Their algorithm does a fairly good job, but it is far from perfect. It's thought that as many as 25% of all ad clicks are fraudulent. Can you afford to waste as much as one-quarter of your advertising budget?
Fortunately, there are ways to identify and reduce click fraud. One option is to run your own checks on your ad-related traffic. Another is to use third-party tools to detect suspicious or potentially fraudulent traffic.
Click Fraud Fighting Option 1: Look at Your Log Files
If you have access to your server's log files then it is worth looking at them to identify fraudulent traffic. Log in to your server's control panel and download the "Raw access logs". Open them up in Excel and use the sorting tools to identify users that have visited your website on multiple occasions in a short space of time.

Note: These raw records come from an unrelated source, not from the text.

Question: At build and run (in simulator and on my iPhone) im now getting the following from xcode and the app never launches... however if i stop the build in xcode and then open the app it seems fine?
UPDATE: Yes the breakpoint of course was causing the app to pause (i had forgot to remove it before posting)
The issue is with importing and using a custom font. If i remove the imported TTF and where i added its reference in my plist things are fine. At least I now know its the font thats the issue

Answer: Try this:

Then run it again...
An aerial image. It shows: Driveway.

The easiest way to do that is to sort by IP address. If you see the same IP address appearing every day or even every few hours, that user either really likes your website, or they're visiting for more nefarious reasons.
You can get an idea as to whether a user is legitimate or not if you put their IP into IPAvoid.com and look at the information it brings up. If you're marketing to people from Canada and are getting clicks from someone in Dubai, that could be suspicious.

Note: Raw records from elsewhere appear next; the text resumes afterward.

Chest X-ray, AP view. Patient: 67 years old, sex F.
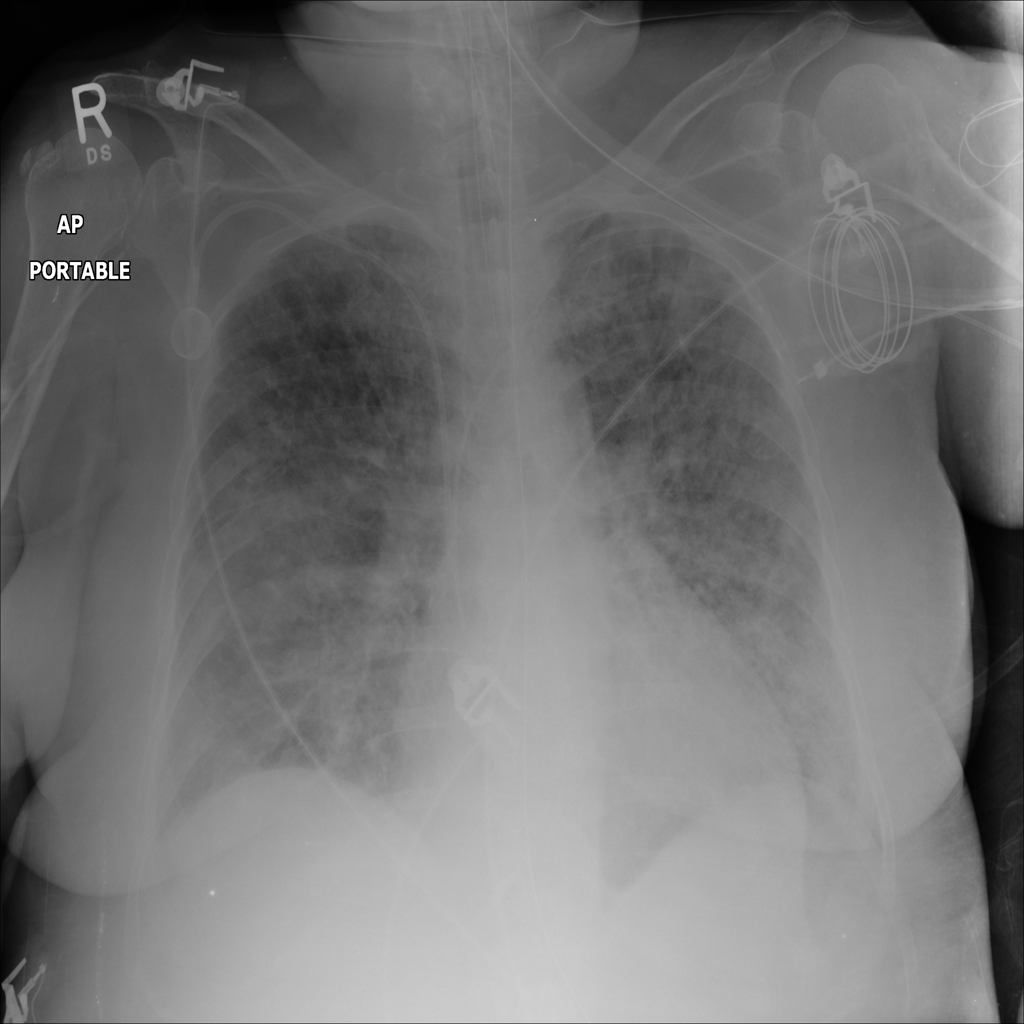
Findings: Consolidation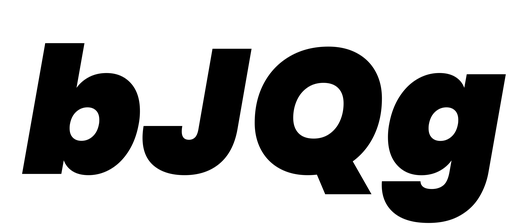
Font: Poppins-BlackItalic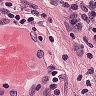
Metastatic tissue present: no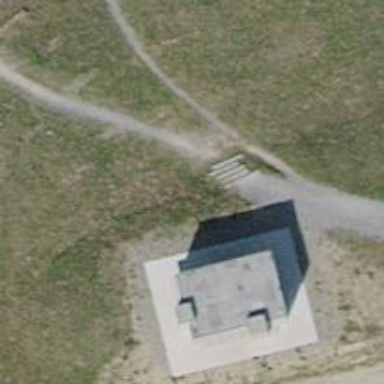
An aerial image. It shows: Steps made of ground.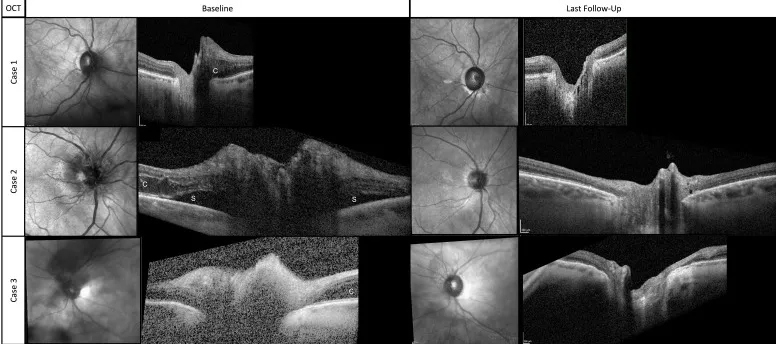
Near-infrared images and associated cross-sectional OCT scans through the optic disc at baseline and final follow-up. (c) indicates cystoid changes from intraretinal fluid. (s) indicates subretinal fluid.
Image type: ophthalmic_imaging (oct)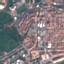
Land use / land cover class: Residential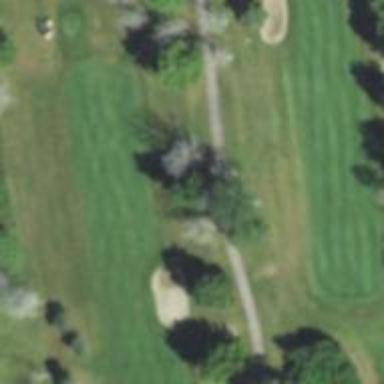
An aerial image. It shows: Path for both road and golf.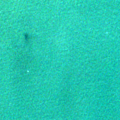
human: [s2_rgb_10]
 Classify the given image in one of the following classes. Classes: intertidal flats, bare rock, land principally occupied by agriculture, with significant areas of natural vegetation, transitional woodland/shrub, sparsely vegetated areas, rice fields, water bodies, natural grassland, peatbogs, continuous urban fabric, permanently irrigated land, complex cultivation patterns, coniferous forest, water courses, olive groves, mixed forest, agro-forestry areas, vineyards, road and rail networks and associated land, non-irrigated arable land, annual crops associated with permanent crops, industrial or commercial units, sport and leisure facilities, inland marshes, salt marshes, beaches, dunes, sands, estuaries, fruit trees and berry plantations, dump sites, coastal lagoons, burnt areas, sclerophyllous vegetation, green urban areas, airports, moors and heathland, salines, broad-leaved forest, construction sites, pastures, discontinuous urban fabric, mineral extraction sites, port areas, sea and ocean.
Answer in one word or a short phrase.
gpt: sea and ocean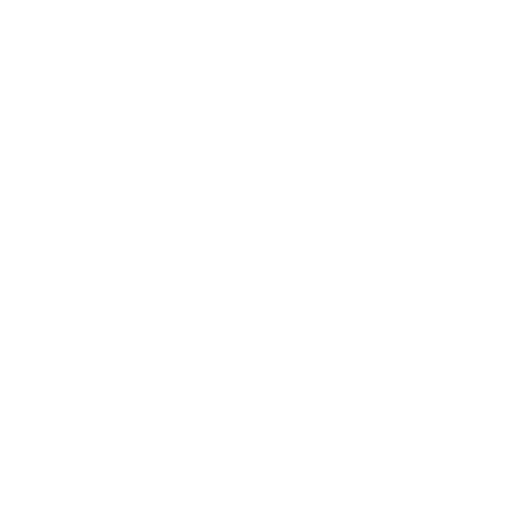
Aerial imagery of valley in Nevada named Pack Rat Canyon containing only shrub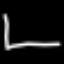
Label: square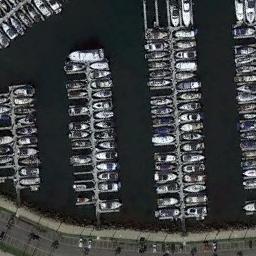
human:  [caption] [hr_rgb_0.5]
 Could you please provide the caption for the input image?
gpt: The harbor has lots of neatly docked boats and the color of the waters is dark green .

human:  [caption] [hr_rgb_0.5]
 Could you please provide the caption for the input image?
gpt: Many yachts are neatly arranged on the sea side of the harbor .

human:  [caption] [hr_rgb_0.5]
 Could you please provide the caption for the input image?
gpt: There are many ships in the harbor .

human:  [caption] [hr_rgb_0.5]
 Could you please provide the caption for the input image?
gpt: There are containers on the harbor shore .

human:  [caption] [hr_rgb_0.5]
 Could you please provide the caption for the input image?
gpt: There are many ships docked neatly at the harbor .

Trawling through log files is a good starting point, but it isn't always practical. There are several challenges with this method:
- Popular websites can see millions of log entries per month, or even per day. Opening huge files in Excel can strain your computer.
- A hit from a foreign country isn't always fraudulent. The visitor could be using a VPN.

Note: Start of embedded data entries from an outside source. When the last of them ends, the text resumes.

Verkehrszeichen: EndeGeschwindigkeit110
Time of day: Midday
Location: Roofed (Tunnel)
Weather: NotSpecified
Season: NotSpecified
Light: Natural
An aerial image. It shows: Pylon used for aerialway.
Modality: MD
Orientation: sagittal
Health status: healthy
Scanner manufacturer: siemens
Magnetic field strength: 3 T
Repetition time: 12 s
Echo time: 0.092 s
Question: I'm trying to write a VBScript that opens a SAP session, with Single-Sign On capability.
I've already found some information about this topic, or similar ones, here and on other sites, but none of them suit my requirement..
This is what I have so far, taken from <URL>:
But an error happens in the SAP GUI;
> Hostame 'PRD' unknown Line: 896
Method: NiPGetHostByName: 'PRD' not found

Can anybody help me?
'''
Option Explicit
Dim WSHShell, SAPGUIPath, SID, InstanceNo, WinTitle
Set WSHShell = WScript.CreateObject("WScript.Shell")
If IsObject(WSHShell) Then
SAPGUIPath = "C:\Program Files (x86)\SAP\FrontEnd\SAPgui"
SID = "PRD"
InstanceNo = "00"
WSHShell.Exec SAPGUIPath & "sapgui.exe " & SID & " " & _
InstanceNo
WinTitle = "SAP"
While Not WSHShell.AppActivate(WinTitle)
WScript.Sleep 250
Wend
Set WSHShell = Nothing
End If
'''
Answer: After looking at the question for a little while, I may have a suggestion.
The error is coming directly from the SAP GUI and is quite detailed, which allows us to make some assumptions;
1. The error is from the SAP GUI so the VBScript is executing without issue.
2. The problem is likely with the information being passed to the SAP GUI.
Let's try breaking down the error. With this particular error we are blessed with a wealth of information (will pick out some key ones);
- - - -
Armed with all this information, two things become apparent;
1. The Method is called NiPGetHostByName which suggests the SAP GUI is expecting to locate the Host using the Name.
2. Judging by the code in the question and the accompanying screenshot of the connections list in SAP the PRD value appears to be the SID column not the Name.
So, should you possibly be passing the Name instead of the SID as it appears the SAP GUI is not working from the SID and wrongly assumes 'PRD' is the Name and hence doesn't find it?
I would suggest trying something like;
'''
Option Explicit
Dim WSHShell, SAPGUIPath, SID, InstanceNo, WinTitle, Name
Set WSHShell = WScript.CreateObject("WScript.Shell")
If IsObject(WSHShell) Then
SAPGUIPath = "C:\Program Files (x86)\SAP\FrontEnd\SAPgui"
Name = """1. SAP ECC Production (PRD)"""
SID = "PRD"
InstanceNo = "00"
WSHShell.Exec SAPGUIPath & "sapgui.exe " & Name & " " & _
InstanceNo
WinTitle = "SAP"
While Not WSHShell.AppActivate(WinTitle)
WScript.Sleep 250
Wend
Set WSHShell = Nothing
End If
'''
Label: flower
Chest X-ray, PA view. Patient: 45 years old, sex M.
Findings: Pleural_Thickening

- Sometimes 'duplicate' hits are from a proxy server that many legitimate visitors are using, such as one from a university, library, or train station.
- Searching 'suspicious' IP addresses is time-consuming, and it takes some expertise to work out whether traffic is likely to be faked or not.
For websites with modest traffic and niche audiences, manual fraud detection can work. More popular websites require other solutions.
Click Fraud Fighting Option 2: Fraud Detection Tools
Marketers who operate in volatile industries or those that require high bids for keywords may feel that even 'as it happens' detection is not good enough. For those situations, continuous pre-bid analysis might be more effective. Imagine being able to get constant feedback on how much you are spending on your ad campaign, what kind of user is converting, how many bots are making it through, and how effective your ad campaigns are. If the system detects a surge in fraud attempts, that knowledge can be used to pause the campaigns that are seeing 'bad' traffic until the bots move on.
A good automated fraud detection tool will run in the background without the user even knowing that it is there. Data can be provided to the marketing manager in real-time, and that information can be used to adjust advertising bids and make sure that the traffic coming to your site is high quality. There is no need to make users fill out dozens of "CAPTCHA" tests before they can spend money with you. Users deserve a smooth experience.
Advertising fraud is a serious threat to any business that is trying to make a name for itself online. Don't rely on the ad platforms to have your best interests at heart. Be proactive and use your own tools and precautions to protect your site, reputation, and advertising budget.